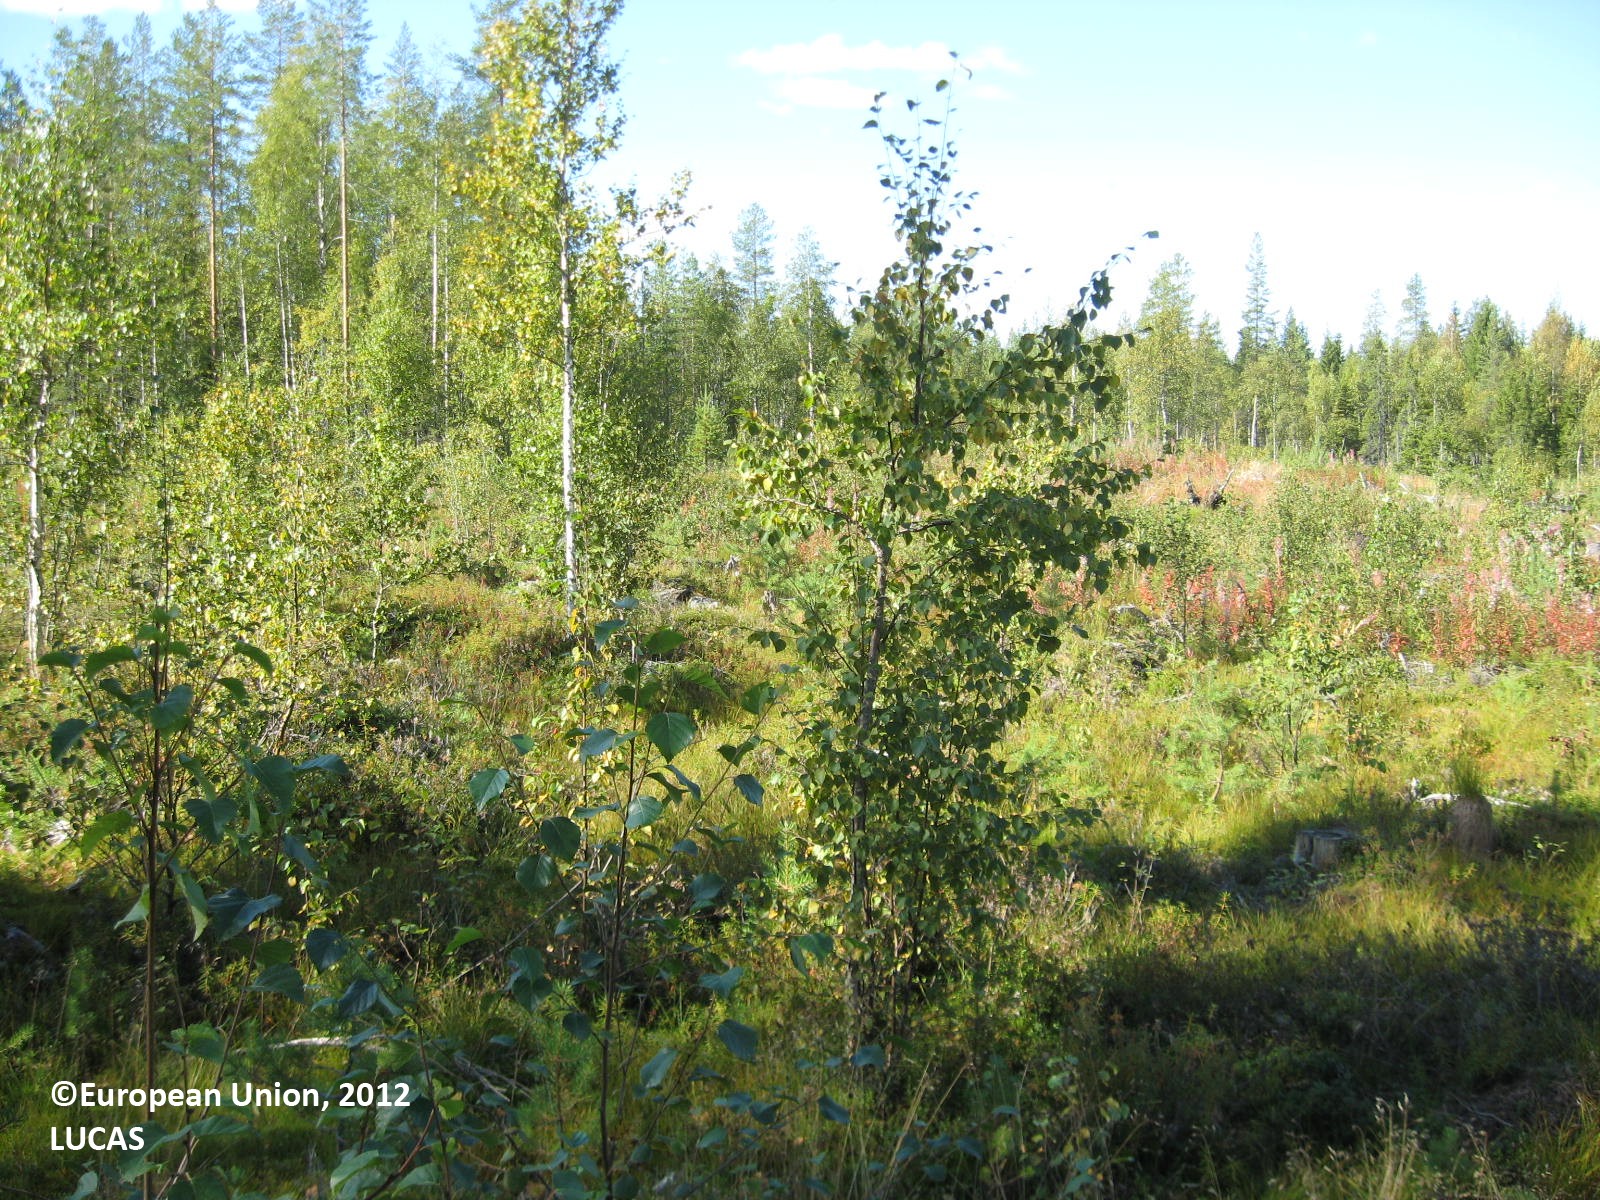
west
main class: Woodland
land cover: Other mixed woodland
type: boreal forest
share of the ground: 50 - 75 %
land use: Forestry
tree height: < 5 m
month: August
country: FI
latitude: 63.8345
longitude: 29.8514

__Task to carry out__. Print exactly, and only, the lines running from the one that contains "land use: Forestry" to the last line of the records above.

__Problem solution__.
land use: Forestry
tree height: < 5 m
month: August
country: FI
latitude: 63.8345
longitude: 29.8514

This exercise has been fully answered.